La communauté internationale se penche, à nouveau, sur l'avenir de l'Afghanistan. Près de 80 délégations doivent se réunir, jeudi 12 juin, à Paris, dans le cadre d'une conférence destinée, notamment, à financer l'effort de reconstruction dans un pays toujours en guerre. La réunion sera ouverte en présence des présidents afghan et français, Hamid Karzaï et Nicolas Sarkozy, et du secrétaire général des Nations unies, Ban Ki-moon. Elle rassemble des représentants de 65 pays et 15 dirigeants d'organisations internationales.


Les autorités afghanes ont annoncé, lundi 9 juin, qu'elles comptaient obtenir plus de 50 milliards de dollars, sur cinq ans, au terme de cette rencontre pour soutenir la Stratégie nationale de développement pour l'Afghanistan (ANDS), résumée par le gouvernement afghan dans un document qui a servi de base à l'organisation de cette réunion de Paris. En visite aux Pays-Bas, mardi 10 juin, M. Karzaï a assuré que son pays "aura besoin d'une aide étrangère pour assurer sa sécurité pendant au moins dix ans encore". Les Etats-Unis, par la voix de Patrick Moon, haut responsable du département d'Etat chargé de l'Afghanistan, ont souhaité, mardi, que la communauté internationale se mobilise.
 

La conférence internationale des donateurs pour la reconstruction de l'Afghanistan, organisée à Paris le 12 juin 2008, devait notamment insister sur la lutte contre la corruption.

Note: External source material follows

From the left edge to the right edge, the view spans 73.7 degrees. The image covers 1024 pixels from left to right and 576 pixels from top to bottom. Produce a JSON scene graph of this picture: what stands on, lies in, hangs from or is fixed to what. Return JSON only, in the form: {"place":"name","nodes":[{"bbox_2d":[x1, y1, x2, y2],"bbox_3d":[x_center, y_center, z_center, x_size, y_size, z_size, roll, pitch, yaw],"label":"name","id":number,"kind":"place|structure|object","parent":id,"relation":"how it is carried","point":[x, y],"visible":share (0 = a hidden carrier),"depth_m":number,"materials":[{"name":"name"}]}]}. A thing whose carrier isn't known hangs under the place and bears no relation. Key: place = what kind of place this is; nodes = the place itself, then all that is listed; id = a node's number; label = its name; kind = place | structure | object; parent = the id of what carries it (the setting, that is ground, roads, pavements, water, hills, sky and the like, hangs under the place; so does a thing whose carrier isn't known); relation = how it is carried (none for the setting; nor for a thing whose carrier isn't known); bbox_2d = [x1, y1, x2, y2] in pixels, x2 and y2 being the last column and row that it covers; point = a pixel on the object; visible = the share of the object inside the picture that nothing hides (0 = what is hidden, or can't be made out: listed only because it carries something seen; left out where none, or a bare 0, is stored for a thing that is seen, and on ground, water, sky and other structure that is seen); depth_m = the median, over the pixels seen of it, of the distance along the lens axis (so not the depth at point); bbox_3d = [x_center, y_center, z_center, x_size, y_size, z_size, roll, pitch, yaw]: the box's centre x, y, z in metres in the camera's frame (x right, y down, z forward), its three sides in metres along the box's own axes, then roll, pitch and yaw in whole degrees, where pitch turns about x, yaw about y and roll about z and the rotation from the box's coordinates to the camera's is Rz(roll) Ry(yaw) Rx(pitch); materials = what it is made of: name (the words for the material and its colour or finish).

Les organisateurs de la conférence, la France et les Nations unies, qui ont associé l'Allemagne et la Norvège, ont précisé que le montant final ne porterait que sur une période de deux à trois ans et ne correspondrait pas aux attentes déjà formulées. La dernière réunion de ce type, à Londres, en 2006, avait permis de collecter 10,5 milliards de dollars de promesses de dons.

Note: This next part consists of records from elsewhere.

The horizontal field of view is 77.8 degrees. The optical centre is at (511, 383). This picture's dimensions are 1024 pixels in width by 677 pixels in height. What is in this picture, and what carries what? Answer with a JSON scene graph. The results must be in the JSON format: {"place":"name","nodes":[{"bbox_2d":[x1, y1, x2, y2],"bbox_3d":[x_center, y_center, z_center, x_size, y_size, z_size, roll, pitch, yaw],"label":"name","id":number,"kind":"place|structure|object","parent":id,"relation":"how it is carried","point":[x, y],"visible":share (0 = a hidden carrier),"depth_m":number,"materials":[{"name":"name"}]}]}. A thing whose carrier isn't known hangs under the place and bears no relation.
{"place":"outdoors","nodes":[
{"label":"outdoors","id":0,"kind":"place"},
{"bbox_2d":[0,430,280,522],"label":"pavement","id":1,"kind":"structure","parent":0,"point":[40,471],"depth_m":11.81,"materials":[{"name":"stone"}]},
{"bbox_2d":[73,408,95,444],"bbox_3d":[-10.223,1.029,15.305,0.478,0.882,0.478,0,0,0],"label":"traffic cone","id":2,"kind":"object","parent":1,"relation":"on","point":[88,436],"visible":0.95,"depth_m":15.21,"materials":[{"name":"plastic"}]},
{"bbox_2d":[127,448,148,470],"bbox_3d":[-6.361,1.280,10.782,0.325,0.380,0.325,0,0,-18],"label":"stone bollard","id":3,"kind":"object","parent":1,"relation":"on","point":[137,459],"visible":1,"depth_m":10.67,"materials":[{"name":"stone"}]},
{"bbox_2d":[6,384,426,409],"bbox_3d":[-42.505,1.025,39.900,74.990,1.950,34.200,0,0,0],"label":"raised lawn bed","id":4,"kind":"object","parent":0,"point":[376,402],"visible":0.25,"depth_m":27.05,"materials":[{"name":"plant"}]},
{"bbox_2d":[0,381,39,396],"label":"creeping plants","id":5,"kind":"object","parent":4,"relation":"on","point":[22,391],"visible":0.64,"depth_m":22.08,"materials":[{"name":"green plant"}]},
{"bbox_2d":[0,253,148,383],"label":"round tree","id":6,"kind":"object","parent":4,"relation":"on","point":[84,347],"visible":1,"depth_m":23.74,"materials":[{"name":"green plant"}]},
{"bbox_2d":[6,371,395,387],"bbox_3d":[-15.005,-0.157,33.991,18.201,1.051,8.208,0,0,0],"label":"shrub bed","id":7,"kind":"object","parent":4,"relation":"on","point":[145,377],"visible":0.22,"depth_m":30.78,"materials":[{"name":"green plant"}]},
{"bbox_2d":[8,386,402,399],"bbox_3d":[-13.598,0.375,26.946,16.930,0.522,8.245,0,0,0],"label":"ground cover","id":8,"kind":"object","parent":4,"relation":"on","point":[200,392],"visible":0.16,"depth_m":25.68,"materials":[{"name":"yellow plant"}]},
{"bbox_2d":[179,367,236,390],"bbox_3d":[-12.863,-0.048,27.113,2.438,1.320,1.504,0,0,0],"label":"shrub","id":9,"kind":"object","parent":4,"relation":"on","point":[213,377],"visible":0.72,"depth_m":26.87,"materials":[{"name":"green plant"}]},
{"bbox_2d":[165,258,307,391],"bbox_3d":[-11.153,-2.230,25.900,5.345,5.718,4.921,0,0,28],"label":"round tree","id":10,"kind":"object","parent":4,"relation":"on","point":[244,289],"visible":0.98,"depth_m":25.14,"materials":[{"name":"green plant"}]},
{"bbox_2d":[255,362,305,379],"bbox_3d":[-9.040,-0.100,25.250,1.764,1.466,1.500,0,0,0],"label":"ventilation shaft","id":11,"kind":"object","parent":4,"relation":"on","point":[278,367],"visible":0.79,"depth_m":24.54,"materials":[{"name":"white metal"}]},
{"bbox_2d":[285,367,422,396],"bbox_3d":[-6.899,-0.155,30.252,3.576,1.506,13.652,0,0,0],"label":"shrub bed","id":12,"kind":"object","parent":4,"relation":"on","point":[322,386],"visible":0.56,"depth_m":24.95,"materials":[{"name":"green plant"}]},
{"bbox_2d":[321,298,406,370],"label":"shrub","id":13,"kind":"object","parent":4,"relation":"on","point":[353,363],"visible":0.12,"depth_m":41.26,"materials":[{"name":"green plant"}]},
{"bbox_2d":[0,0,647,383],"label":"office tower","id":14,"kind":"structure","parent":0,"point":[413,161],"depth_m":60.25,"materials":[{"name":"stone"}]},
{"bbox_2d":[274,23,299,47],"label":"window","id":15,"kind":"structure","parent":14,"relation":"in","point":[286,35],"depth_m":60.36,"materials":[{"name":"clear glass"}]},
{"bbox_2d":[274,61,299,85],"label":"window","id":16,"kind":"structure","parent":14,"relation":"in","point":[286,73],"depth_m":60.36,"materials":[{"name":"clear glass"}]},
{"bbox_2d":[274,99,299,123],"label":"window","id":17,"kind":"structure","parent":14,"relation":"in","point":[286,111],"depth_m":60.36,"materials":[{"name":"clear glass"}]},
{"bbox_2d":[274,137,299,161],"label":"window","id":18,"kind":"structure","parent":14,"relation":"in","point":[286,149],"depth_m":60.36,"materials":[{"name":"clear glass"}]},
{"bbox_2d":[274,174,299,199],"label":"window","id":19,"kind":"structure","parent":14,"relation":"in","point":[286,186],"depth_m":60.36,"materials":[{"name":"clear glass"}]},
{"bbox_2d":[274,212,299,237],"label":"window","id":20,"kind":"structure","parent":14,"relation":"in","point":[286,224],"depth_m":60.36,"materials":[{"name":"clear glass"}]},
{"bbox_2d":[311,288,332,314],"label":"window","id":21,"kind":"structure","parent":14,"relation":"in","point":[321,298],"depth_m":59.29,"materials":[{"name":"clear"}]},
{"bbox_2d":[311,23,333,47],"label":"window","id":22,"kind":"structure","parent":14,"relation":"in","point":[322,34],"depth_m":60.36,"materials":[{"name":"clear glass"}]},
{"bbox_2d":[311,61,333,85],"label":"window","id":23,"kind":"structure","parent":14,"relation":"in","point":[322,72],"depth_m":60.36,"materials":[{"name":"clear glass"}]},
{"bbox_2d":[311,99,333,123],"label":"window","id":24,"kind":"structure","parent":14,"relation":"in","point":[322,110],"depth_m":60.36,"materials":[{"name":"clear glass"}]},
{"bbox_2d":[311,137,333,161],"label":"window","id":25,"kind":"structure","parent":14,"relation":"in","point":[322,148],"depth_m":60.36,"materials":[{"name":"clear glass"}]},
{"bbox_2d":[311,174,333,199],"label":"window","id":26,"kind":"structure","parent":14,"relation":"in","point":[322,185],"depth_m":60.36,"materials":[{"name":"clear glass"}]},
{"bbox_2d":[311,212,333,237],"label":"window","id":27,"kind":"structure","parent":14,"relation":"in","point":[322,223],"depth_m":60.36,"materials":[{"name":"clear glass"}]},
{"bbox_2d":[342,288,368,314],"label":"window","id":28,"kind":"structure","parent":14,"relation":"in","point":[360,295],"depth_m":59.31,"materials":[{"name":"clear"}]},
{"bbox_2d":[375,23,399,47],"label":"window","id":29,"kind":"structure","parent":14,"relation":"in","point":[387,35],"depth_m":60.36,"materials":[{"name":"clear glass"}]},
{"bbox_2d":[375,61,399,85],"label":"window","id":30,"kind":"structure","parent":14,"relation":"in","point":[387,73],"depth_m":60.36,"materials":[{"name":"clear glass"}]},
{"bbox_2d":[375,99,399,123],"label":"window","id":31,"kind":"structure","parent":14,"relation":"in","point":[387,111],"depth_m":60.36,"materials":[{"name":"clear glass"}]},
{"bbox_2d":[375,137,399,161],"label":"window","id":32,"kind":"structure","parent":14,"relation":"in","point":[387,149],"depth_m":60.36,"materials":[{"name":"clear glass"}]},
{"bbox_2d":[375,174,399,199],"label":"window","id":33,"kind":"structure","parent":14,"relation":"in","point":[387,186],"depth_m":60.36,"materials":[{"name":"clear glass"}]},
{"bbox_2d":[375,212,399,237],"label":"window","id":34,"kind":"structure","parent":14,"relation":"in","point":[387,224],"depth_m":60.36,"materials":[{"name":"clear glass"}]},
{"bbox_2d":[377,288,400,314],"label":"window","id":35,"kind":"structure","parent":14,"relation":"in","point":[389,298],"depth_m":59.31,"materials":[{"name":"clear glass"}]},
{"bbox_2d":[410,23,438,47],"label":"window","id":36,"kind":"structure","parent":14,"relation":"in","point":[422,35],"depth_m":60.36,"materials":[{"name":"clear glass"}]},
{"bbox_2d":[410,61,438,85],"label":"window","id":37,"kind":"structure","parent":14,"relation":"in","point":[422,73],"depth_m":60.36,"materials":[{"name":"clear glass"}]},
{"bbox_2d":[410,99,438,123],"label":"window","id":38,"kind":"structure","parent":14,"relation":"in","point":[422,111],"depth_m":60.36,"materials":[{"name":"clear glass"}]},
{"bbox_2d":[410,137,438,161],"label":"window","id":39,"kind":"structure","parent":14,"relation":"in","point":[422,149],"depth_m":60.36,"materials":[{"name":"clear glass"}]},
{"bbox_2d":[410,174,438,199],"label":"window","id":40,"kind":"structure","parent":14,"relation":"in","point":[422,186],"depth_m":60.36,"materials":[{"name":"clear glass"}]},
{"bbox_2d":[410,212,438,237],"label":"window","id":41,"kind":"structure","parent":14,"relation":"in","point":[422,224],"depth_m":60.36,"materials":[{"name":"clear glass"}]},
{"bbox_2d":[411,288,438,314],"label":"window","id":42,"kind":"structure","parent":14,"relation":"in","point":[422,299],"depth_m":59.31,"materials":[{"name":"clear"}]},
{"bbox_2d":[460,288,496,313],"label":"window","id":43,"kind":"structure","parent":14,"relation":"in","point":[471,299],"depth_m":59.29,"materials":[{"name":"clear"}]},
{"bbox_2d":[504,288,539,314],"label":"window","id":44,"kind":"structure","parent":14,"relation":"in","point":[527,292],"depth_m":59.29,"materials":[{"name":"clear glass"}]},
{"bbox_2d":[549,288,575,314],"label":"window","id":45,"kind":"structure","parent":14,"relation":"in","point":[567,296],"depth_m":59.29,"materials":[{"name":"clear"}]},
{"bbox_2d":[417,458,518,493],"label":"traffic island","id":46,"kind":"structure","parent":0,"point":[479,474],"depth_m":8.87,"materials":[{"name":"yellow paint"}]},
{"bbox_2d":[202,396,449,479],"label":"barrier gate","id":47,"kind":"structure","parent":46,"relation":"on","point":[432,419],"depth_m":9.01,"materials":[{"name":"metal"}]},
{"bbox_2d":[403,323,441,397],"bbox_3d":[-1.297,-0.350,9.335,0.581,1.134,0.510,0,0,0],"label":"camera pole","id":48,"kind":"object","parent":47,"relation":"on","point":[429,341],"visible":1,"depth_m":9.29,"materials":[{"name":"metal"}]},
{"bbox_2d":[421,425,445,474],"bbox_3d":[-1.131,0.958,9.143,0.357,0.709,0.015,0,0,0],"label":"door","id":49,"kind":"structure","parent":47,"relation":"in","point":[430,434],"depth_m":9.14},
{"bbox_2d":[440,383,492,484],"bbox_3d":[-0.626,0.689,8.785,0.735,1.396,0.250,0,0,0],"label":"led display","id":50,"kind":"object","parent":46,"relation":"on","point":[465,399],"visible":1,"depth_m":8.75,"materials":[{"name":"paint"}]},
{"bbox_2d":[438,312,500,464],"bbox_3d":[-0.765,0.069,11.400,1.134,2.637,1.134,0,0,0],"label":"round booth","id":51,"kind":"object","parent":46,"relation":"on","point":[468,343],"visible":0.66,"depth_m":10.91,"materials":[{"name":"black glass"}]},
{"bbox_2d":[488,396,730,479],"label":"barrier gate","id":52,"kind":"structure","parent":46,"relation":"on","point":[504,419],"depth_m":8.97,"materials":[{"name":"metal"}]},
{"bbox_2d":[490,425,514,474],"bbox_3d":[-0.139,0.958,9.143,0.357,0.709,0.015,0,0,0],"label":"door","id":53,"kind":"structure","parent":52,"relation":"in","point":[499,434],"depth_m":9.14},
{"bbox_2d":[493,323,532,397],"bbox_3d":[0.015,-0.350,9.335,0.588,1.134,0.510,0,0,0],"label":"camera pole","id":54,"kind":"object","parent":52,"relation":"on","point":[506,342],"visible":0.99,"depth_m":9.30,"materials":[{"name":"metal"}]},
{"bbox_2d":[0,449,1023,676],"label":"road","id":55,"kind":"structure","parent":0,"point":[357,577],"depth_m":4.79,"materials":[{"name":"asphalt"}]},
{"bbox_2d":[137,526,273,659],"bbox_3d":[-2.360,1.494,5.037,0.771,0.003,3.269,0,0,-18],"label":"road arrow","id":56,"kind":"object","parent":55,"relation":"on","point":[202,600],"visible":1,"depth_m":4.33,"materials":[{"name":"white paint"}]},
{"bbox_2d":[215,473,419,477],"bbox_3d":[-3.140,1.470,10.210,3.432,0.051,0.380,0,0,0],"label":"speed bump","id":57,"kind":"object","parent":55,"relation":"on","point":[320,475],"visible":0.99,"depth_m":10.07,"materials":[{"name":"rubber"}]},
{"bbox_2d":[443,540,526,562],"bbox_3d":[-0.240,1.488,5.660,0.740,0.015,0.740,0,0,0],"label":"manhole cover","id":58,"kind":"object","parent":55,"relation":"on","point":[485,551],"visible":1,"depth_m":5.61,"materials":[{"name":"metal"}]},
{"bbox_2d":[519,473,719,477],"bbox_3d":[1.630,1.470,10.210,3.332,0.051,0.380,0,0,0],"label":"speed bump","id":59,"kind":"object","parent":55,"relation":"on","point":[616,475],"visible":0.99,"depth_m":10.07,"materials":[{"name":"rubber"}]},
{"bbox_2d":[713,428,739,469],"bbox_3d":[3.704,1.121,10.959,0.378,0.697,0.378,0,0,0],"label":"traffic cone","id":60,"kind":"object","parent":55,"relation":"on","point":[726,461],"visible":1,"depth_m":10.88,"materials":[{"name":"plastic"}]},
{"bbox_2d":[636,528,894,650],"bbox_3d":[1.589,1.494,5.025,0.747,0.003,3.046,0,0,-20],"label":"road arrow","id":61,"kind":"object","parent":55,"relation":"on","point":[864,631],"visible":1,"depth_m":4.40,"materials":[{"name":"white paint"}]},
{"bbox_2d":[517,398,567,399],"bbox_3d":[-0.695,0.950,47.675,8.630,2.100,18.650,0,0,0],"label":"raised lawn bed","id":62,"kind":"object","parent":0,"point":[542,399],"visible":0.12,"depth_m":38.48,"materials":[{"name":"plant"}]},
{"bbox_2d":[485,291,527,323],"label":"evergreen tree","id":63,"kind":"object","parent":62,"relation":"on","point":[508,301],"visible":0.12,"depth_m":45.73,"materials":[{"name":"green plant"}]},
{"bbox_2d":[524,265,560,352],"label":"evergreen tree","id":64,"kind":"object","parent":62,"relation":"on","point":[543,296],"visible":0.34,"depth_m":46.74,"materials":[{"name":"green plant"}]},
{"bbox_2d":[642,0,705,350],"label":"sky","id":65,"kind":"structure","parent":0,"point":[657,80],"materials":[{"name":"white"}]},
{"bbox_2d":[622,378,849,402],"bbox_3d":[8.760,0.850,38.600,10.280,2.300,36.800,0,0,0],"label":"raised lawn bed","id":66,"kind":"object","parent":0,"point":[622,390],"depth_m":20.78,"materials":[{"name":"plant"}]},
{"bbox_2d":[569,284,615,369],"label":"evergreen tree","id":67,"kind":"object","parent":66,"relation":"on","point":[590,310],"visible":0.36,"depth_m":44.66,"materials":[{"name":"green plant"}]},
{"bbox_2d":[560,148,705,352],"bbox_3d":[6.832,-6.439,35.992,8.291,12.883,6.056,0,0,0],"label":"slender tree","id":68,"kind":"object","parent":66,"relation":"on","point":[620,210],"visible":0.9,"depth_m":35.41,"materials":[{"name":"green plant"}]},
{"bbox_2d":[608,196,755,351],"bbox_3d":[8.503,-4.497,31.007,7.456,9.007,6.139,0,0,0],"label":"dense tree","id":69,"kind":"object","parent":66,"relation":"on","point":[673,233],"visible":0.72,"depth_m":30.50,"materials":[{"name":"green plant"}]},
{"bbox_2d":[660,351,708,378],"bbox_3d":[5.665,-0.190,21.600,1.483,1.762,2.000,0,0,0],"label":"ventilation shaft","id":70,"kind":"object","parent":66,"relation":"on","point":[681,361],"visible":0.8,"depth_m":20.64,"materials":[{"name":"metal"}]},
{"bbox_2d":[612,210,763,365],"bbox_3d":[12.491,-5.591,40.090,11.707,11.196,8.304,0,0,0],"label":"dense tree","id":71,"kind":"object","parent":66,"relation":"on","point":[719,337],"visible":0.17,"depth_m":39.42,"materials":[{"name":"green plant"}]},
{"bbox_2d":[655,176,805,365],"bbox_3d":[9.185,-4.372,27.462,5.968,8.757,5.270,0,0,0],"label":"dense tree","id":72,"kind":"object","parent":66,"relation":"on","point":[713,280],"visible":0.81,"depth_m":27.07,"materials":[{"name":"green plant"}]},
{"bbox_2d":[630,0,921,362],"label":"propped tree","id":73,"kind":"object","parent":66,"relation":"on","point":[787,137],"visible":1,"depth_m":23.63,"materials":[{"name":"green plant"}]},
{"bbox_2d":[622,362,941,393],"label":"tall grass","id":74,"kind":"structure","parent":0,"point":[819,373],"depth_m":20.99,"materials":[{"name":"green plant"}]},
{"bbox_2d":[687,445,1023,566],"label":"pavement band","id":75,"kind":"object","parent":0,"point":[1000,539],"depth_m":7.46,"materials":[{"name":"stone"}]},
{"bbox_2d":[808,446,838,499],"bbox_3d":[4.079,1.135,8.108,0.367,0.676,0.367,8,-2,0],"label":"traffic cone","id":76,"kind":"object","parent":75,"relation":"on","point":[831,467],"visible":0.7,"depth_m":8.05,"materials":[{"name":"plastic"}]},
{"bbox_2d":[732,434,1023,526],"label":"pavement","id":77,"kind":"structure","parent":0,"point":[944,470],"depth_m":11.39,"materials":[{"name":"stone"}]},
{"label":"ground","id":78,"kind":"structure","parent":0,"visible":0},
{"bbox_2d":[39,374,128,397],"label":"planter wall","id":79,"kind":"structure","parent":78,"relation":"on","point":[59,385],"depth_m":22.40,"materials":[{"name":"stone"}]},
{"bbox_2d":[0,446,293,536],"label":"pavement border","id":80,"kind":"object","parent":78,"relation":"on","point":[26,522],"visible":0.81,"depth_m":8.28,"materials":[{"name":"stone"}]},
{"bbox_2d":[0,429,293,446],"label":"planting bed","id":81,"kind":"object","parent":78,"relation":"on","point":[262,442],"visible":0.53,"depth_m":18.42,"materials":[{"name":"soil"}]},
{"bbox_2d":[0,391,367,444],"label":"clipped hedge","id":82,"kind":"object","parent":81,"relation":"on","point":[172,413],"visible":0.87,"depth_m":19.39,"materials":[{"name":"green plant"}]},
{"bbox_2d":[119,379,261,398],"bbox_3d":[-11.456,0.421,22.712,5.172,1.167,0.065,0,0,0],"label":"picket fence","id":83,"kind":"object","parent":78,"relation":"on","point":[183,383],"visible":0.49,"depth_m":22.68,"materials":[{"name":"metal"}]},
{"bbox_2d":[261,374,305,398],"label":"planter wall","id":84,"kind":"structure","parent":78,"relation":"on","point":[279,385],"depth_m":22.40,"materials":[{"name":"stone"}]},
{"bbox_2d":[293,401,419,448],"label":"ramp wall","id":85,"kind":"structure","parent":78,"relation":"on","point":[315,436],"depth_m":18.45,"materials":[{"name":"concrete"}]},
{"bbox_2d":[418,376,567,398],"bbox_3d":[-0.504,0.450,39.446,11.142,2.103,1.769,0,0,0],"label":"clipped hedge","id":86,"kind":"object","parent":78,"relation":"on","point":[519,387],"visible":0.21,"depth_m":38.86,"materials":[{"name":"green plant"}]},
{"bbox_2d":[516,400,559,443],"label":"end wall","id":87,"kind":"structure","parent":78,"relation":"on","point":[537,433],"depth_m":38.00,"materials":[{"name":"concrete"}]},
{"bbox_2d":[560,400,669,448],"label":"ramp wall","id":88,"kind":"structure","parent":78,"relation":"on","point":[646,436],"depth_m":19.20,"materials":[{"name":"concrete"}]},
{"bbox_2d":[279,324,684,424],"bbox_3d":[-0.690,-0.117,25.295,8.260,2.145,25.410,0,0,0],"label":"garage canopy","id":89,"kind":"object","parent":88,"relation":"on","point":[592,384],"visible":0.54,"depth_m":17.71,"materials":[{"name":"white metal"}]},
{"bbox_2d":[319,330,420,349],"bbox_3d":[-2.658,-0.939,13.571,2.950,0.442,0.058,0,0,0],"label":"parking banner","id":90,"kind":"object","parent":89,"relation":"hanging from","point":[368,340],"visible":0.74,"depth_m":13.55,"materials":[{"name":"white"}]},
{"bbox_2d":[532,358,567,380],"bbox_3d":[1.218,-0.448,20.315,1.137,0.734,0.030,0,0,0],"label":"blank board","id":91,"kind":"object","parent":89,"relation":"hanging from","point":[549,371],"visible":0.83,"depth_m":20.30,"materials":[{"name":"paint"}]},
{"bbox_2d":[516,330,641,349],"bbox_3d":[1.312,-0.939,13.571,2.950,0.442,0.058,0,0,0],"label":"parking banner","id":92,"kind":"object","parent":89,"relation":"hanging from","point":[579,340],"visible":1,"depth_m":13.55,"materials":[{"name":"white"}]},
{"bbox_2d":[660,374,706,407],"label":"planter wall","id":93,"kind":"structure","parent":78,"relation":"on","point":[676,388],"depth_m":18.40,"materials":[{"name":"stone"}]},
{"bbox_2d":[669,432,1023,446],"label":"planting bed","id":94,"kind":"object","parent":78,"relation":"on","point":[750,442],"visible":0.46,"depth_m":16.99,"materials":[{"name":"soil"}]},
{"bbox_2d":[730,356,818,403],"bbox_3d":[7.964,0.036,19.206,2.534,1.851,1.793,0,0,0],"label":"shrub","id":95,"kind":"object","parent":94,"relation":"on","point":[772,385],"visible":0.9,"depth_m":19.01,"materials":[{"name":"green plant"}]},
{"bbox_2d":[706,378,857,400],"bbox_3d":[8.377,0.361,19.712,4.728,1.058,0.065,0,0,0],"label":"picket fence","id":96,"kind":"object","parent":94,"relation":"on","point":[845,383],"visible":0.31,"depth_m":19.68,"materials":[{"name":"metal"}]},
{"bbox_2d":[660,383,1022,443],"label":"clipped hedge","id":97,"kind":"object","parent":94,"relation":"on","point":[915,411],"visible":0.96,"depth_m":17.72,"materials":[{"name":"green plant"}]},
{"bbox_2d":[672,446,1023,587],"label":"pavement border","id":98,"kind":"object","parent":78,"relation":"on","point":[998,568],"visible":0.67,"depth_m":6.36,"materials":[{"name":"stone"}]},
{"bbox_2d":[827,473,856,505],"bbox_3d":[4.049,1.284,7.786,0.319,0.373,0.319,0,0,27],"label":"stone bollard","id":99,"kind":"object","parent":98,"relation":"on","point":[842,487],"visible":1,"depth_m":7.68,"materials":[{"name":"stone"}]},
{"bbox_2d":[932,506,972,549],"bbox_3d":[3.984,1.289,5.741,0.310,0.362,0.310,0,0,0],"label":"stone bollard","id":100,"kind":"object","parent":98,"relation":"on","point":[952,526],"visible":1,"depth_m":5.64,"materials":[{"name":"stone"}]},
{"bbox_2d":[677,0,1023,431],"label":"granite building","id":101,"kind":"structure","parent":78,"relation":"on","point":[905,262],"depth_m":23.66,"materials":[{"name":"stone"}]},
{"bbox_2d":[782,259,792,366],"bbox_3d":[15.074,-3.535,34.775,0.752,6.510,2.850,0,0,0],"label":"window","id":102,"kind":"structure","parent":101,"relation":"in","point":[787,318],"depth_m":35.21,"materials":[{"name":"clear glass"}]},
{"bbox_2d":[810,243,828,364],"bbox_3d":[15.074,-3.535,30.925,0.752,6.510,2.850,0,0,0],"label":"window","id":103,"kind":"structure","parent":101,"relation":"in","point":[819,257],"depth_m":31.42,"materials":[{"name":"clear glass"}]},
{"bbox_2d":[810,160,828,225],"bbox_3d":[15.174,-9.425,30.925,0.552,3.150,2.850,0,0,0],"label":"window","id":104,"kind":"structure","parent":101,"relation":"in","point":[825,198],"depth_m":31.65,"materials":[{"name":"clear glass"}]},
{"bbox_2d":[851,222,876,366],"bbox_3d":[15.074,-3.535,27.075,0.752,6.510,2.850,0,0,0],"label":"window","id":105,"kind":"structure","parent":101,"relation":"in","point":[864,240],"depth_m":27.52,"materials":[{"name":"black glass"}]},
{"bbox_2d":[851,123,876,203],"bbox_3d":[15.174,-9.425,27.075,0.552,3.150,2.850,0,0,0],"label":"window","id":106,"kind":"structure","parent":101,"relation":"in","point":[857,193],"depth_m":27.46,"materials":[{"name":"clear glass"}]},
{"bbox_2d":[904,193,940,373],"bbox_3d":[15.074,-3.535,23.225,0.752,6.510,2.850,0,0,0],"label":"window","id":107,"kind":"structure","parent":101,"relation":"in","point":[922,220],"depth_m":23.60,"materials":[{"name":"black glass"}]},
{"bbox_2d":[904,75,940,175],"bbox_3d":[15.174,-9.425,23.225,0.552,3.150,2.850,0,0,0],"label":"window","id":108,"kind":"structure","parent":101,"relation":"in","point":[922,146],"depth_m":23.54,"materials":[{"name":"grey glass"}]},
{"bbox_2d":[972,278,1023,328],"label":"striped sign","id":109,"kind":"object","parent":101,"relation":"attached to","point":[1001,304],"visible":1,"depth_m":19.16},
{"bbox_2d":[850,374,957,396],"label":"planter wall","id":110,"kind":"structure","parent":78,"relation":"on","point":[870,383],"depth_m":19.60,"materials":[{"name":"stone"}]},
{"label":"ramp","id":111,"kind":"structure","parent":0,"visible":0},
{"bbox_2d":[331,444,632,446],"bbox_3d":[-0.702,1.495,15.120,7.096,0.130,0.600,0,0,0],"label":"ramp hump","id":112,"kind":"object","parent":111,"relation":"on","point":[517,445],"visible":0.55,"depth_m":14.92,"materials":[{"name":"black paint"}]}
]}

Le ministère des affaires étrangères français insistait, pour sa part, sur le fait que cette rencontre "n'était pas qu'une conférence économique et financière, mais aussi politique". Les Français s'efforcent d'en élargir le champ, pour en faire une "conférence de réflexion", selon les termes du ministre des affaires étrangères, Bernard Kouchner, alors que la France doit dépêcher, cet été, un bataillon de 700 hommes dans la province de Kapisa, au nord de Kaboul. Pour le représentant spécial des Nations unies en Afghanistan, Kai Eide, "la conférence de Paris va au-delà des promesses de dons des bailleurs (...) nous chercherons à forger un nouveau pacte entre le gouvernement afghan et la communauté internationale".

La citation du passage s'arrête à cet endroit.